**About this exercise**
Output the data below exactly, without images.

**Records for processing**

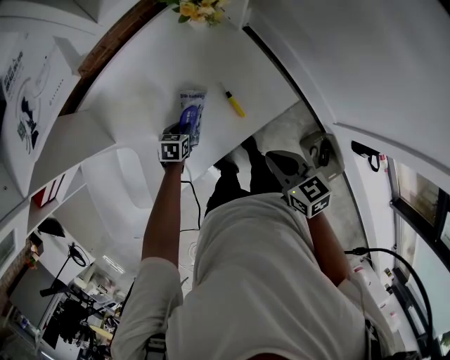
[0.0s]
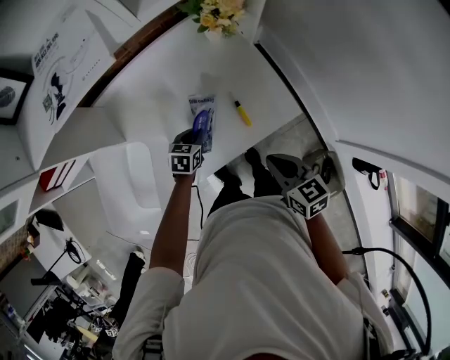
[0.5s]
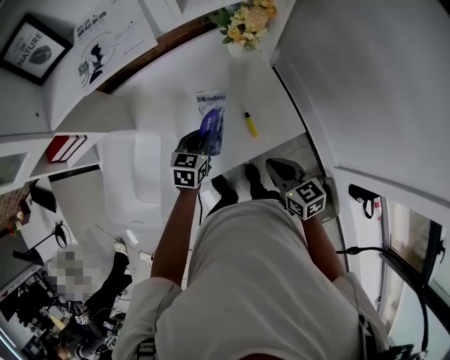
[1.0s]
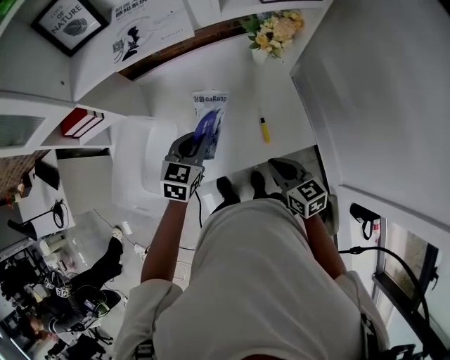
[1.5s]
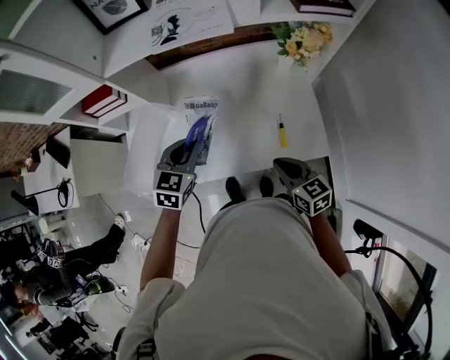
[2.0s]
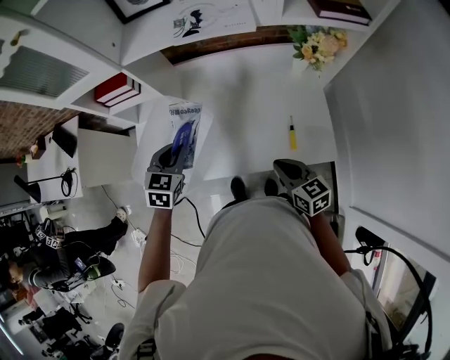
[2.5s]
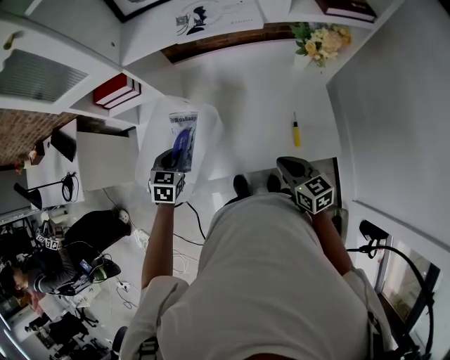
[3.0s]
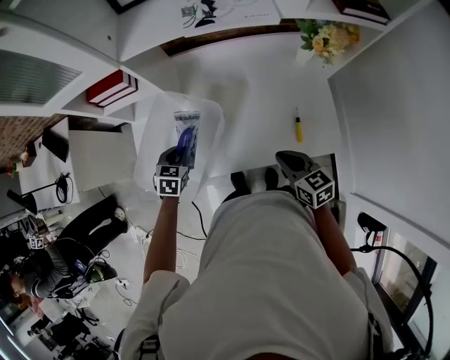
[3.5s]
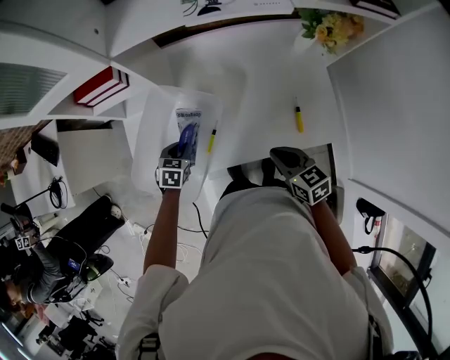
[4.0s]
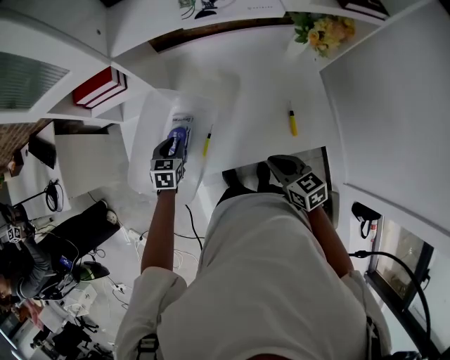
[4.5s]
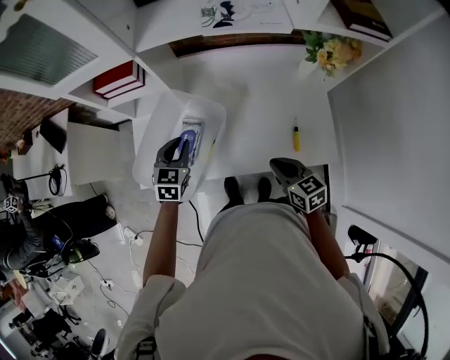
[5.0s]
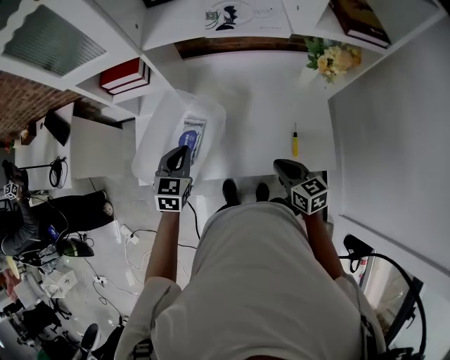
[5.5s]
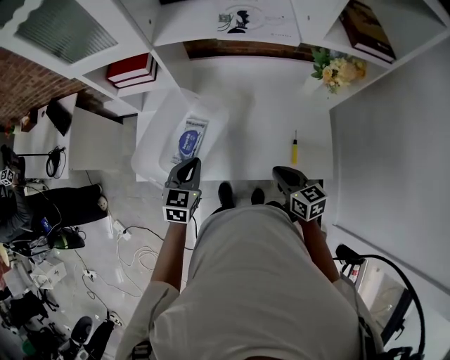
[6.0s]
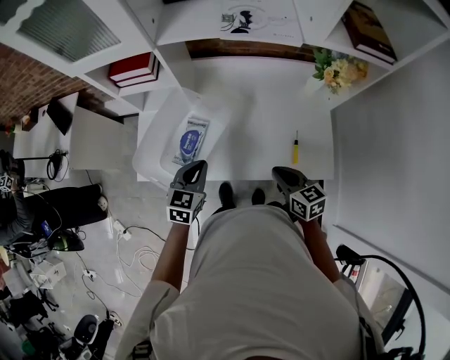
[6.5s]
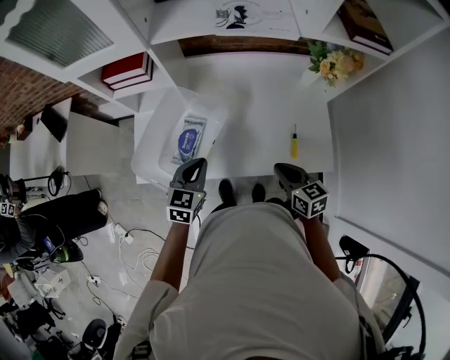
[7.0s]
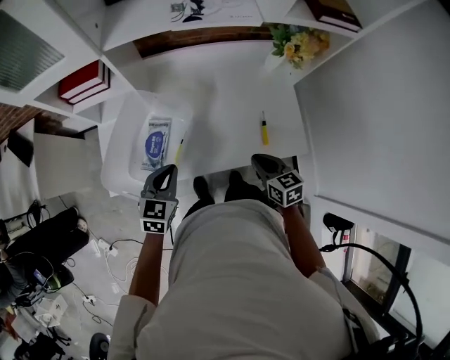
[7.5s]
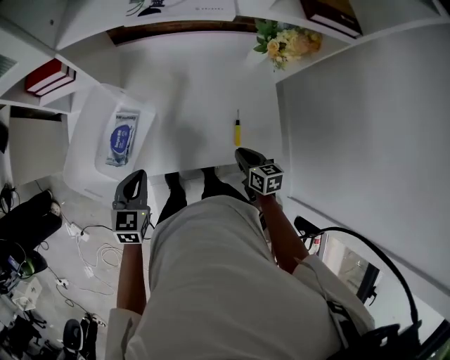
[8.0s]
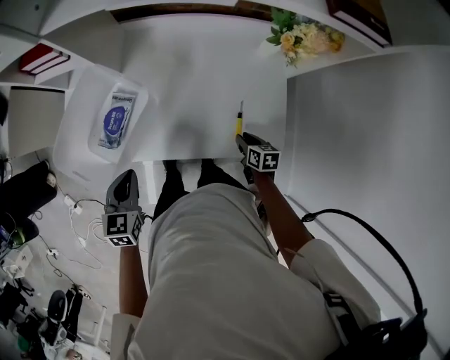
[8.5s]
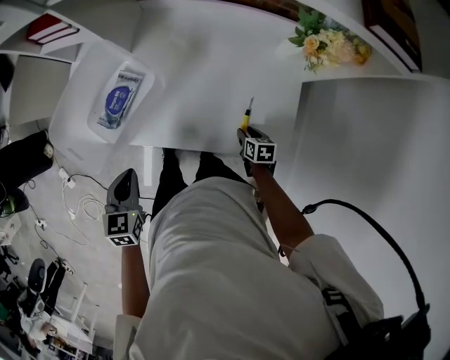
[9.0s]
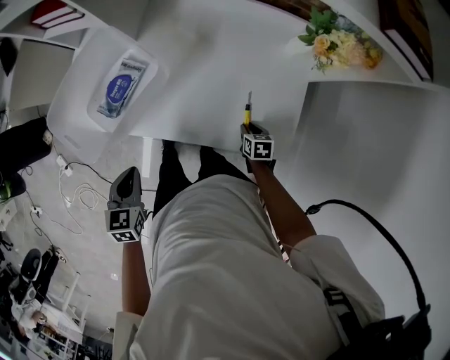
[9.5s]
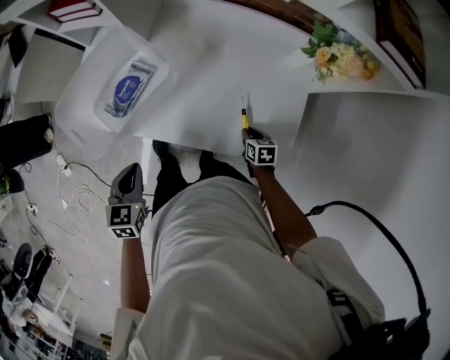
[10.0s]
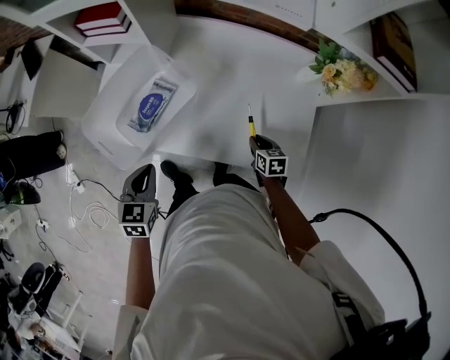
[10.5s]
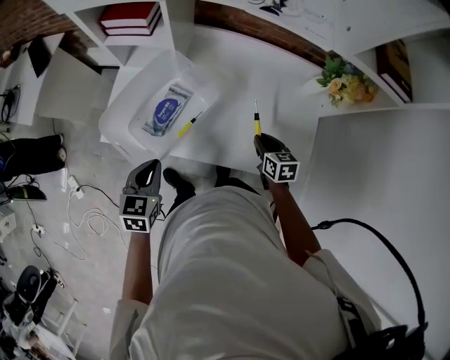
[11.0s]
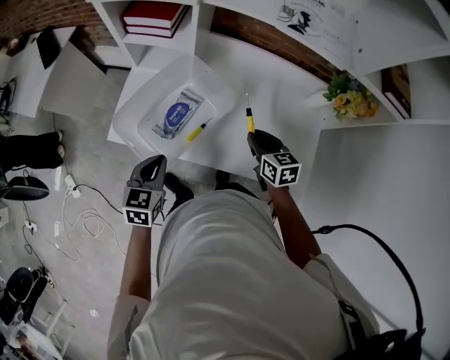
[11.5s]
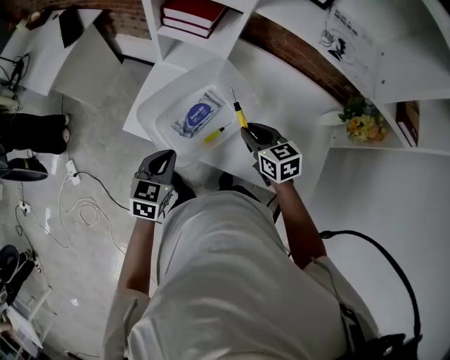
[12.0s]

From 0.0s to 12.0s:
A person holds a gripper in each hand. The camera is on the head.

**Reply to the task**
[0.0s]
[0.5s]
[1.0s]
[1.5s]
[2.0s]
[2.5s]
[3.0s]
[3.5s]
[4.0s]
[4.5s]
[5.0s]
[5.5s]
[6.0s]
[6.5s]
[7.0s]
[7.5s]
[8.0s]
[8.5s]
[9.0s]
[9.5s]
[10.0s]
[10.5s]
[11.0s]
[11.5s]
[12.0s]

From 0.0s to 12.0s:
A person holds a gripper in each hand. The camera is on the head.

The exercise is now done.